If a sub-agent's tool calls fail (file not found, command error), the sub-agent handles it within its own loop. If it can't recover, it reports the failure. The orchestrator decides whether to retry or adapt.

Context Overflow

If a sub-agent's context window fills up before it finishes, it returns a partial result with what it found so far. The orchestrator can spawn a continuation agent to pick up where it left off.

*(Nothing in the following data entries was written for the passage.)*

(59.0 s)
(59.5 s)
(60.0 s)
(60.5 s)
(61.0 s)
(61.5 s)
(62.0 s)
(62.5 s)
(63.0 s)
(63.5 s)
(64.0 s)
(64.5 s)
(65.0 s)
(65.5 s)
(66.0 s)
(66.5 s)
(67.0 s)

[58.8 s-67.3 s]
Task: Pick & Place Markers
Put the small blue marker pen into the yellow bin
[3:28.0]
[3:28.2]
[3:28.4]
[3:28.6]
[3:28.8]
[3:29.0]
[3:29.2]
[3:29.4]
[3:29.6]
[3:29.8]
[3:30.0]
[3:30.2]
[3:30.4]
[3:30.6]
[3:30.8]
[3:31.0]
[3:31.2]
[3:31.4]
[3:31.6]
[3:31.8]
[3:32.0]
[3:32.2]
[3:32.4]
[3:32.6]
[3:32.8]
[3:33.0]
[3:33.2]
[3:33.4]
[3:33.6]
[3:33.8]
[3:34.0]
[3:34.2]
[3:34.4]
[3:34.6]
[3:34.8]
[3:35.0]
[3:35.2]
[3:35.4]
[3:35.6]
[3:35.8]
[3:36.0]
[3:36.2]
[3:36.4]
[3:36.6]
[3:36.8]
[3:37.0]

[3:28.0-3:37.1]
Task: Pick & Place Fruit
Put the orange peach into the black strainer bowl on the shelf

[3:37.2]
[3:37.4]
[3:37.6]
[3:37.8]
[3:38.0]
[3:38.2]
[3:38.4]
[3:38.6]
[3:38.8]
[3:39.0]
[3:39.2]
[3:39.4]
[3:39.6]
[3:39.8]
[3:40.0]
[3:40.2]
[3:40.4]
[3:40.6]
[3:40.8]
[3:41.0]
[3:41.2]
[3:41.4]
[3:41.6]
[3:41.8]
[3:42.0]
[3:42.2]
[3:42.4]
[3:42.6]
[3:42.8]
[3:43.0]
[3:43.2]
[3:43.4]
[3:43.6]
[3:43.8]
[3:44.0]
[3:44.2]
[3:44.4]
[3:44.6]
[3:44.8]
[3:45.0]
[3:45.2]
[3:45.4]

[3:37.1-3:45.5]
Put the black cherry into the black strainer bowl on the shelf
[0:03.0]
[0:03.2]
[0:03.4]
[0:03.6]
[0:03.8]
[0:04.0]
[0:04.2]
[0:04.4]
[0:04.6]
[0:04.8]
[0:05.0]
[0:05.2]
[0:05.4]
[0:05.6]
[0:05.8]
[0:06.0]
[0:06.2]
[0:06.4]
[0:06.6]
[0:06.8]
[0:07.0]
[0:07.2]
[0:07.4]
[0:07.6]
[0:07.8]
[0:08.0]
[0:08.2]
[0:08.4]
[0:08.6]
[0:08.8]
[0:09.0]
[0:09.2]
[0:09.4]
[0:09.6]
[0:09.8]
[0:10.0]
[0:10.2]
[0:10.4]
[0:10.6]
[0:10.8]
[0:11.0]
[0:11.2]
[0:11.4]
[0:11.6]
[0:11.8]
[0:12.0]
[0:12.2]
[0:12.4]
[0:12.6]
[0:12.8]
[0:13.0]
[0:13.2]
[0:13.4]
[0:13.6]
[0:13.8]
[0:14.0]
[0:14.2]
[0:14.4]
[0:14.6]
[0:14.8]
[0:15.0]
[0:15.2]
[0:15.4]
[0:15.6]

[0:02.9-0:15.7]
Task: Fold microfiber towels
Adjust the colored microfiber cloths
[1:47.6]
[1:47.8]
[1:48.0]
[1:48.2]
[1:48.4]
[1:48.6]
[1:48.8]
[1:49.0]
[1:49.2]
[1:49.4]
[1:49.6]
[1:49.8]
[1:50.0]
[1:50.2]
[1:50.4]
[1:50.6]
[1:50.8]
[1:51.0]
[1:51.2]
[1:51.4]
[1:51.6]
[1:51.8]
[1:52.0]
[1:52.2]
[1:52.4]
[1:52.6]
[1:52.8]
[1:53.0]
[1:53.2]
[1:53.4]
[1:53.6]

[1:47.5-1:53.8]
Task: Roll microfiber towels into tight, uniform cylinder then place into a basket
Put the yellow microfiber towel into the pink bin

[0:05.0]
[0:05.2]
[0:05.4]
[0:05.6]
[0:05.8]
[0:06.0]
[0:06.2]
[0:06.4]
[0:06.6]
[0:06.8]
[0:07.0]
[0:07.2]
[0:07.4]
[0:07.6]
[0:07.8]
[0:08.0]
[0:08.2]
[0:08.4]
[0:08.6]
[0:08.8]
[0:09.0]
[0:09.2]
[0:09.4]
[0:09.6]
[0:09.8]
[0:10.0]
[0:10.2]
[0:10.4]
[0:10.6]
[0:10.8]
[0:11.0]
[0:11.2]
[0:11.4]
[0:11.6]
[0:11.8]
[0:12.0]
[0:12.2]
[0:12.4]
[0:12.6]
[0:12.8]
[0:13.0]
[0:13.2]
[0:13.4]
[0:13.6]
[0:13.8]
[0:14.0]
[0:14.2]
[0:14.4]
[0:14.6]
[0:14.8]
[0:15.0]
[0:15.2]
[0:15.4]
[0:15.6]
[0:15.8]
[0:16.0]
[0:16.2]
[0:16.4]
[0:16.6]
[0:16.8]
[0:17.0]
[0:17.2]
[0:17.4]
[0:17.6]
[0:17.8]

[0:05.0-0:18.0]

Parallel vs. Sequential: When to Use Which

Parallel Execution

Use when tasks are independent

  • "Research the auth system" + "Check test coverage" -- no shared data dependency
  • "Refactor module A" + "Refactor module B" -- different files, no conflicts
  • "Search for security issues" + "Audit performance" -- different concerns, same codebase
Benefit: Wall-clock time = slowest agent, not sum of all agents

Sequential Execution

Use when later tasks depend on earlier results

  • "Understand the schema" then "Write migration based on schema" -- B needs A's output
  • "Identify bug location" then "Fix the bug" -- must find before fixing
  • "Write implementation" then "Review implementation" -- review needs the code
Benefit: Each agent builds on confirmed results from prior agents

Frequently Asked Questions

When should a coding agent delegate to sub-agents instead of doing everything itself?

Delegation pays off when the main agent's context window would overflow from intermediate results, when independent tasks can run in parallel to save wall-clock time, or when a task requires a different expertise profile (e.g., a read-only search vs. a code modification). If the task is linear and fits in context, a single agent loop is simpler and faster.

How do sub-agents avoid conflicting file edits?

The two main strategies are role-based separation and worktree isolation. Role-based separation assigns different files or directories to each agent. Worktree isolation gives each agent its own copy of the repository via git worktrees, so they can edit the same files independently and merge changes afterward, much like parallel feature branches.

Can sub-agents spawn their own sub-agents?

In principle yes, but in practice this is usually limited to one level of nesting. Deeply nested delegation creates hard-to-debug chains, makes error recovery complex, and multiplies token costs. Most implementations cap recursion depth to keep the system predictable.

What happens to the sub-agent's context after it finishes?

The sub-agent's full internal context (all the files it read, searches it ran, intermediate reasoning) is discarded. Only the final summary it produces is returned to the orchestrator. This is the key benefit: the orchestrator gets a concise result without paying the context cost of all that exploration.

How does multi-agent coordination differ from microservices?

Both decompose complex work into independent units, but the communication model is different. Microservices use defined APIs and persistent state. Multi-agent systems use natural language prompts and ephemeral context windows. Sub-agents are stateless and short-lived, more like serverless functions than long-running services.